La trampa de la ministra y del trabajo como castigo
No se puede negar que el trabajo, esa “ocupación retribuida” que la Biblia relata como un castigo divino sobre la humanidad, carga con una connotación tan perversa como paradójica. Todo el mundo quiere un trabajo, pero cuanto menos se trabaje mejor y, siguiendo esa paradoja, el Gobierno que saca pecho cuando las cifras del empleo crecen se ha empecinado ahora en reducir el horario laboral. Exactamente 30 minutos al día. ¿Por qué? Porque la presunta ministra de Trabajo, Yolanda Díaz, quiere pasar a la historia a golpe de populismos y sin reparar en los daños que deja tras de sí. En su pueril lectura del mercado laboral, confronta a empresarios y trabajadores, como si los segundos pudiesen vivir sin los primeros y viceversa. Como si todos los sectores y empresas, grandes, pymes y autónomos, fuesen iguales y todos los trabajadores esclavos mal pagados.
Yolanda Díaz reclamó para sí misma un lugar en la historia cuando se aprobó en el Consejo de Ministros el anteproyecto de ley para pasar de las 40 horas semanales a las 37,5 ahora propuestas. “Disfruten del día histórico”, afirmó con sonrisa franca. El asunto aún necesita mucha cocina antes de ser realidad. Lo primero, la aprobación de la mayoría del Congreso de los Diputados, que no está fácil. Pero la ministra ya ha recibido el aplauso soñado. ¿Quién no quiere trabajar menos y cobrar lo mismo? Todo el mundo lo firmaría. Jóvenes y mayores, votantes de la derecha y de la izquierda. Y hasta los propios empresarios, si pudieran permitírselo. Es de primero de populismo, como bien sabe la ministra, que ha ganado la batalla frente a su homólogo de Economía, Carlos Cuerpo,reticente hasta el final.
Da igual que los empresarios, los que gestionan cada mes el pago de los salarios, se hayan desmarcado del acuerdo, porque lo que hay ahora no es diálogo social, es “monólogo social”, como atinó el presidente de la CEOE, Antonio Garamendi, refiriéndose a la “trágala”. Lorenzo Amor, presidente de la Federación Nacional de Asociaciones de Trabajadores Autónomos, sostiene que no va a permitir la contratación de nuevos empleados y quien crea lo contrario “es que no ha pagado una nómina en su vida”.

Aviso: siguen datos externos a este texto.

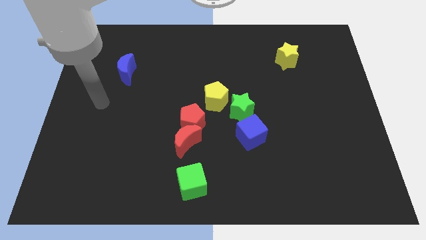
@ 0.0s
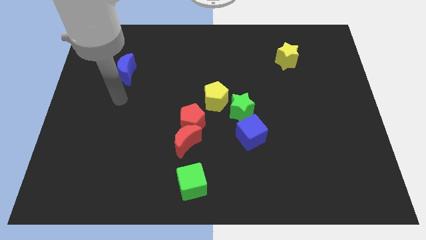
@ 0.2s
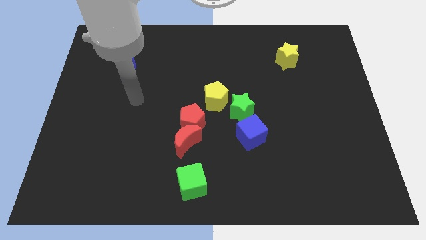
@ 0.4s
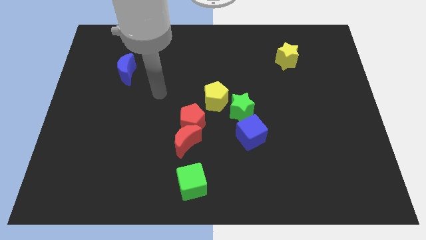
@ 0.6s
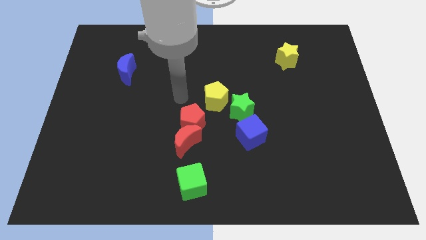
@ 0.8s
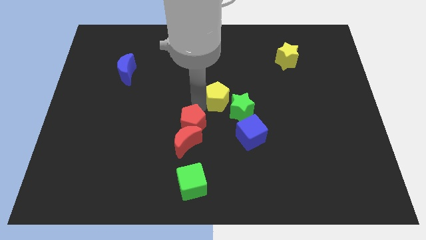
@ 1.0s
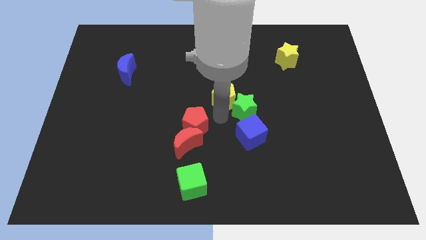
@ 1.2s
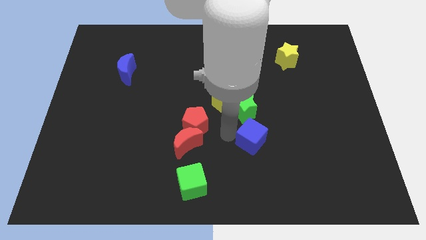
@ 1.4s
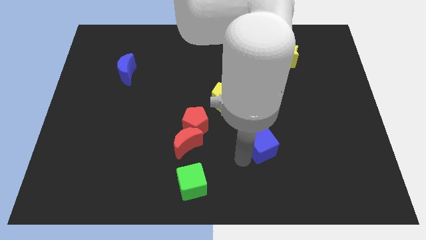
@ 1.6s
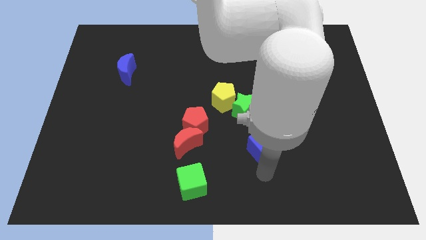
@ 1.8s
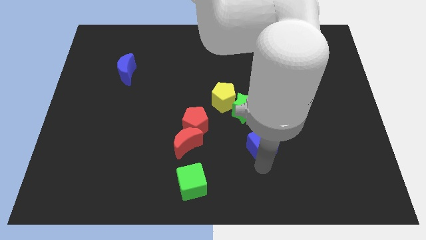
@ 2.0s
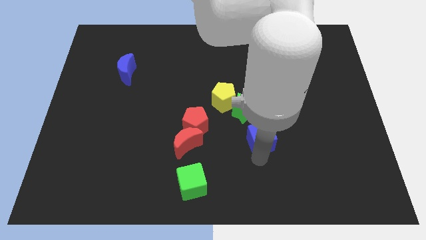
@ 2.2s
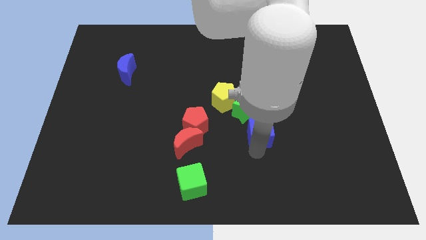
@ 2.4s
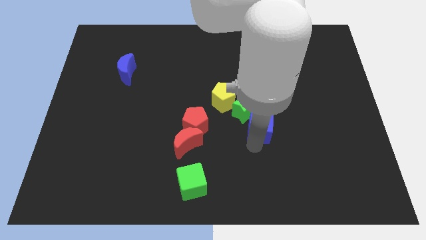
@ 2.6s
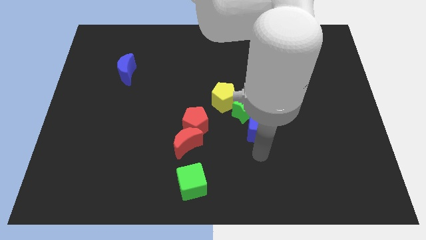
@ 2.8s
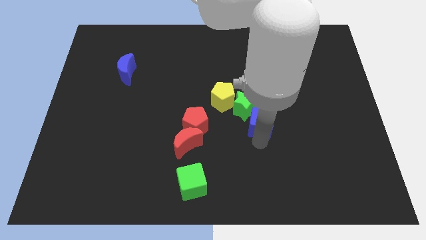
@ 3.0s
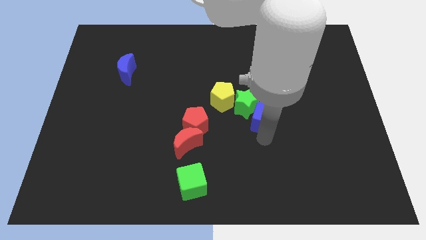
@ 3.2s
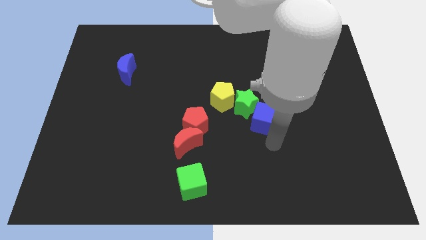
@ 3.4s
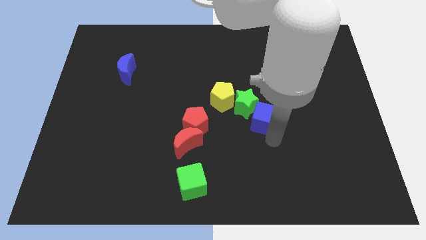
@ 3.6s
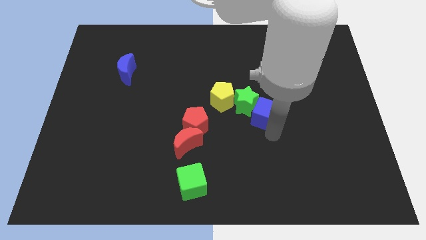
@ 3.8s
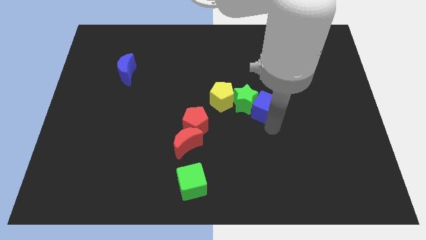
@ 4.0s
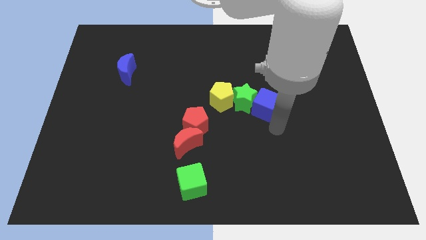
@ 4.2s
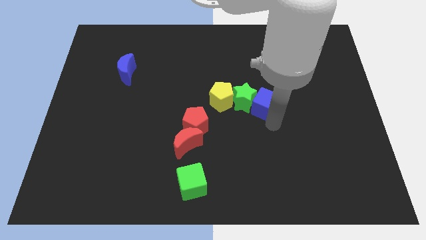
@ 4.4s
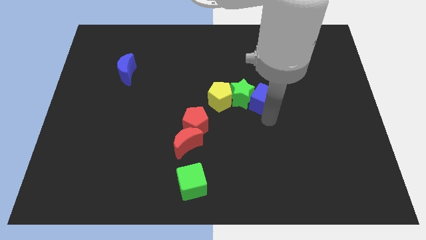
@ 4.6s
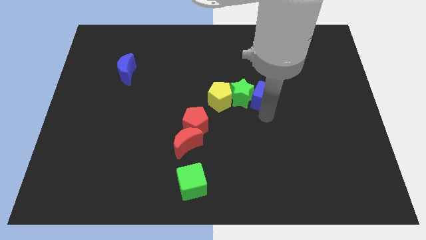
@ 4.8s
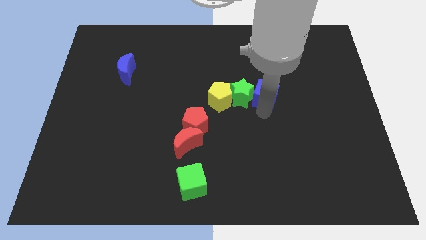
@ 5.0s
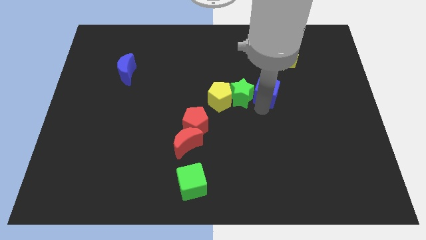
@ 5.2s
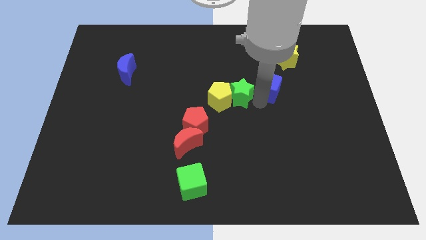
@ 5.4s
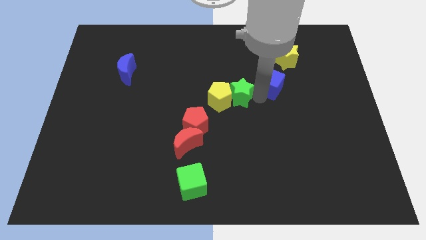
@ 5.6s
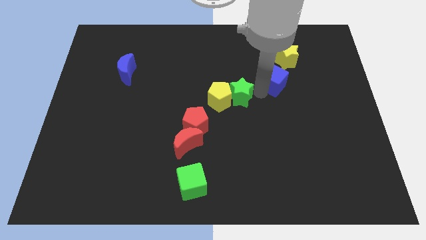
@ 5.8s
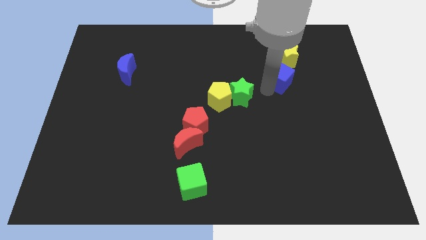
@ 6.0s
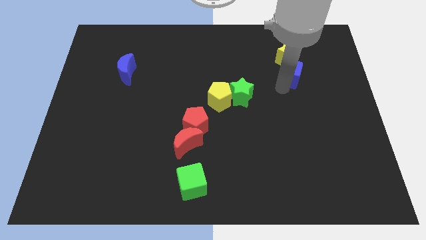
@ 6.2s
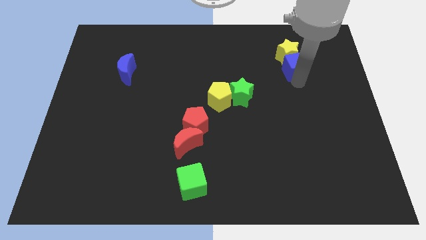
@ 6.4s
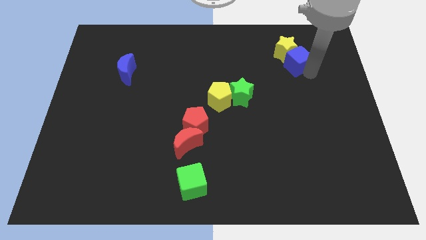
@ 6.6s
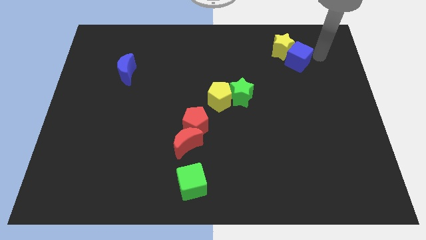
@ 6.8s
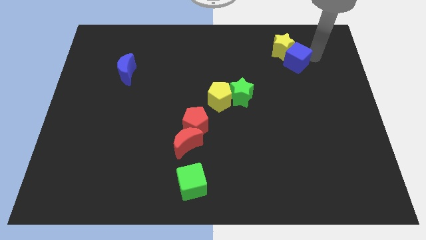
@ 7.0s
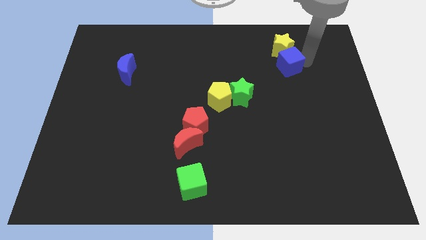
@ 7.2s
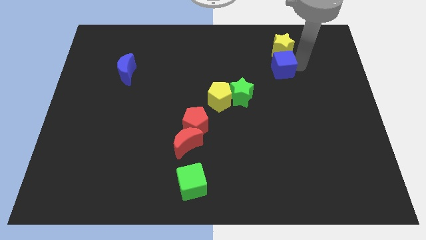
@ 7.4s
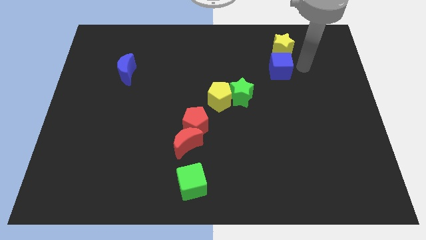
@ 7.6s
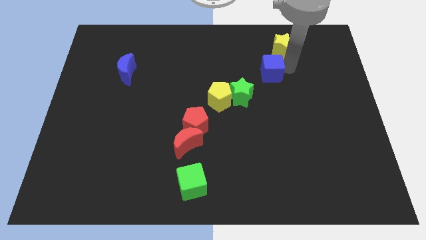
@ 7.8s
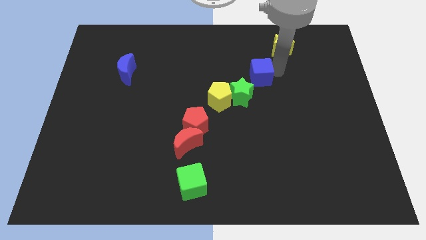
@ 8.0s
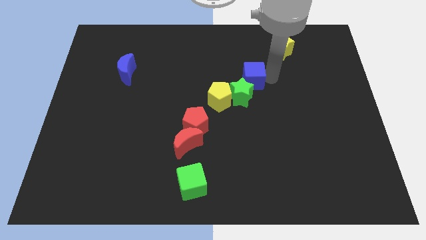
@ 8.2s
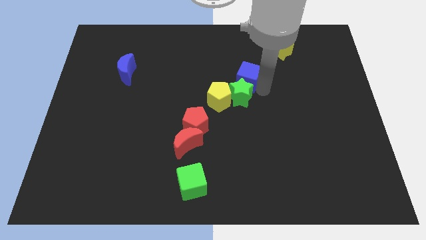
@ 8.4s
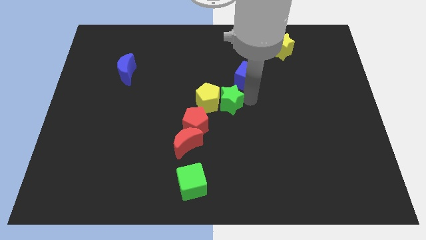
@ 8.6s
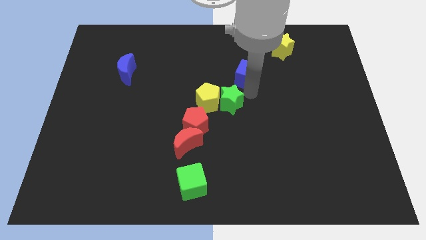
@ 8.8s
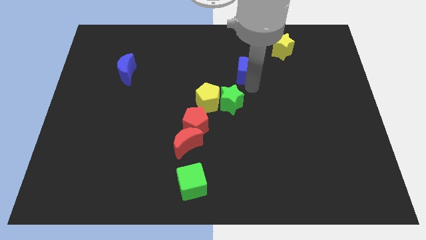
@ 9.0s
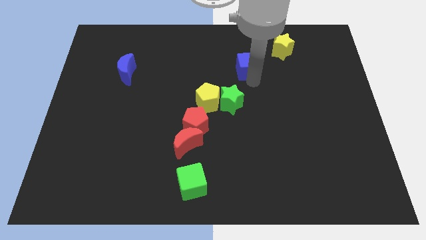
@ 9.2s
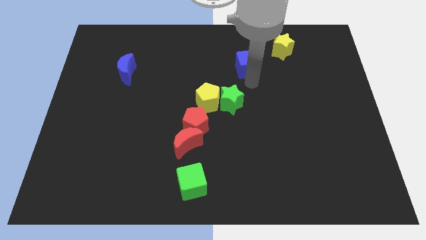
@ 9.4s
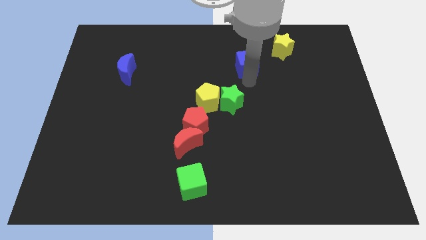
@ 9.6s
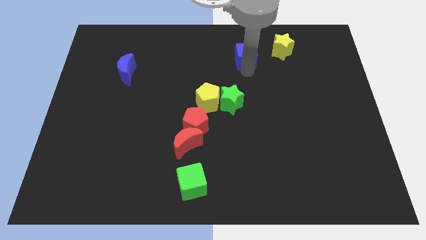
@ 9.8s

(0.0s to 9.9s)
slide the blue cube to the left of the yellow star

Nada que objetar al legítimo reto de avanzar en la conciliación entre la vida personal y profesional. Y esto se consigue reduciendo el número de horas de trabajo improductivas. Porque lo que sí es cierto es que no es equiparable el tiempo en el puesto de trabajo con la eficacia y la productividad. De hecho, España está de la mitad de la tabla hacia abajo en tasas de productividad en la Europa de los 27, muy lejos de Irlanda, que la encabeza, o de Luxemburgo y Dinamarca que vienen a continuación. Y, sin embargo, esta reducción nos situará como tercer país europeo con menor jornada laboral. En resumen, seremos menos productivos y trabajaremos menos.
Todo esto lo sabe Yolanda Díaz, pero salta a la vista que lo único que persigue es notoriedad política para salvar el personalista y devaluado proyecto de Sumar. El ejecutivo de Pedro Sánchez está tejiendo una peligrosa malla social para tener a la población a expensas de sus regalías, como si fuesen una graciosa derrama a costa de aumentar la espiral de déficit público. No hay una sola medida que prime la capacidad del individuo de organizar su vida o de establecer sus prioridades sin tener al populismo del Estado en su nuca. Al contrario, se legisla o se decretan acciones que infantilizan a la población, recordando que nada pueden hacer al margen de papá Estado y que hay que votar a los que están.
Hay desafíos urgentes por el nuevo orden político, económico y comercial del mundo y ahí la vieja Europa está en desventaja, cediendo en competitividad, productividad y generación de valor, de ahí que no se pueda reducir todo a trabajar menos horas a la semana. No está ahí el debate o no solo está ahí. Lo que está es el riesgo de hacer creer a la población que los recursos públicos son infinitos y que están a salvo todas las coberturas tanto necesarias como accesorias. El trabajo es un derecho y una necesidad que no se resuelve con apelaciones al recorte de la jornada, como si currar fuese una maldición bíblica, un castigo divino del que la ministra pretende redimirnos.